How do I troubleshoot an Amazon EC2 instance that stops or terminates when I try to start it?

5 minute read

When I try to start my Amazon Elastic Compute Cloud (Amazon EC2) instance, it terminates or doesn't start.

Short description

The following reasons are the most common causes of an Amazon EC2 instance InternalError message:

Your Amazon Elastic Block Store (Amazon EBS) volume isn't attached to the instance correctly.
An EBS volume that's attached to the instance is in an error state.
An encrypted EBS volume is attached to the instance.

If your instance doesn't start and no error code appears, then run the describe-instances command in the AWS Command Line Interface (AWS CLI). Then, specify the instance ID. Check the StateReason message that the command returns in the JSON response.

Note: Enter all commands in the AWS CLI. If you receive errors when running AWS CLI commands, make sure that you're using the most recent version of the AWS CLI.

Resolution

EBS volumes aren't attached to the instance correctly

You must attach the EBS root volume to the instance as /dev/sda1 or /dev/xvda, depending on which one is defined in the API. You can't have a second EBS volume with a duplicate or conflicting device name. Otherwise, you can't stop or start the instance. Block device name conflicts affect only Xen-based instance types (c4, m4, t2, and so on). Block device name conflicts don't affect Nitro-based instances (c5, m5, t3, and so on).

1. Run the describe-instances API to verify the StateReason error message and error code:

$ aws ec2 describe-instances --instance-id i-xxxxxxxxxxxxxxx --region us-east-1 --query "Reservations[].Instances[].{StateReason:StateReason}" --output json

Note: Replace us-east-1 with your AWS Region. Replace i-xxxxxxxxxxxxxxx with your instance ID.

If there's a device name conflict, then you see an output that's similar to the following message:

[
    [{
        "StateReason": {
            "Code": "Server.InternalError",
            "Message": "Server.InternalError: Internal error on launch"
        }
    }]
]

2. Open the Amazon EC2 console, and then select the instance that you can't start.

3. On the Description tab, verify the device name listed in Block devices. The Block devices field displays all device names of the attached volumes.

4. Verify that the root device is correctly attached and that there isn't a device listed with the same name or with a conflicting name.

5. If there's a device with a duplicate or conflicting device name, then detach the conflicting volume and rename it. Then, reattach the volume with the updated device name.

An attached EBS volume is in an error state

1. Run the describe-instances API to verify the StateReason error message and error code:

$ aws ec2 describe-instances --instance-id i-xxxxxxxxxxxxxxx --region us-east-1 --query "Reservations[].Instances[].{StateReason:StateReason}" --output json

Note: Replace us-east-1 with your AWS Region. Replace i-xxxxxxxxxxxxxxx with your instance ID.

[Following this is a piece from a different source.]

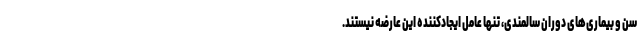
سن و بیماری‌های دوران سالمندی، تنها عامل ایجادکننده این عارضه نیستند.
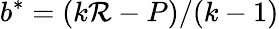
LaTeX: b^{*}=(k\mathcal{R}-P)/(k-1)

If there's an attached EBS volume that's in an error state, then you see an output that's similar to the following message:

[
    [{
        "StateReason": {
            "Code": "Server.InternalError",
            "Message": "Server.InternalError: Internal error on launch"
        }
    }]
]

2. Open the Amazon EC2 console, choose Volumes, and then verify if the status of the volume is error. Your options vary depending on whether the volume in an error state is a root volume or a secondary volume.

If the volume that's in an error state is a secondary volume, then detach the volume. You can now start the instance.

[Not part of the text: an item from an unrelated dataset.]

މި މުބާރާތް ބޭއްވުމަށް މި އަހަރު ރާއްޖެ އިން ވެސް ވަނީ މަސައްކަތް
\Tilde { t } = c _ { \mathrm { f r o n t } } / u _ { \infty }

If the volume that's in an error state is a root volume and you have a snapshot of the volume, then complete the following steps:

Detach the volume.

Create a new volume from the snapshot.

Attach the new volume to the instance using the device name of the original instance. Start the instance.

Note: If you don’t have an existing snapshot of the root volume that’s in an error state, then you can’t restart the instance. You must launch a new instance, install the relevant applications, and then configure it to replace the old instance.

Attached volumes are encrypted and there are incorrect AWS Identity and Access Management (IAM) permissions or policies

1. Run the describe-instances API to verify the StateReason error message and error code:

$ aws ec2 describe-instances --instance-id i-xxxxxxxxxxxxxxx --region us-east-1 --query "Reservations[].Instances[].{StateReason:StateReason}" --output json

Note: Replace us-east-1 with your AWS Region. Replace i-xxxxxxxxxxxxxxx with your instance ID.

If there's an encrypted volume that's attached to the instance and there are permissions or policy issues, then you receive a client error. You see an output that's similar to the following message:

[
    [{
        "StateReason": {
            "Code": "Client.InternalError",
            "Message": "Client.InternalError: Client error on launch"
        }
    }]
]

2. Verify that the user who's trying to start the instance has the correct IAM permissions. If you launched the instance indirectly through another service, like EC2 Auto Scaling, then also verify the following configurations:

The AWS Key Management Service (AWS KMS) key that's used to encrypt the volume is activated.
The key has the correct key policies.

Note: To verify if a volume is encrypted, open the Amazon EC2 console, and then select Volumes. Encrypted volumes have Encrypted listed in the Encryption column.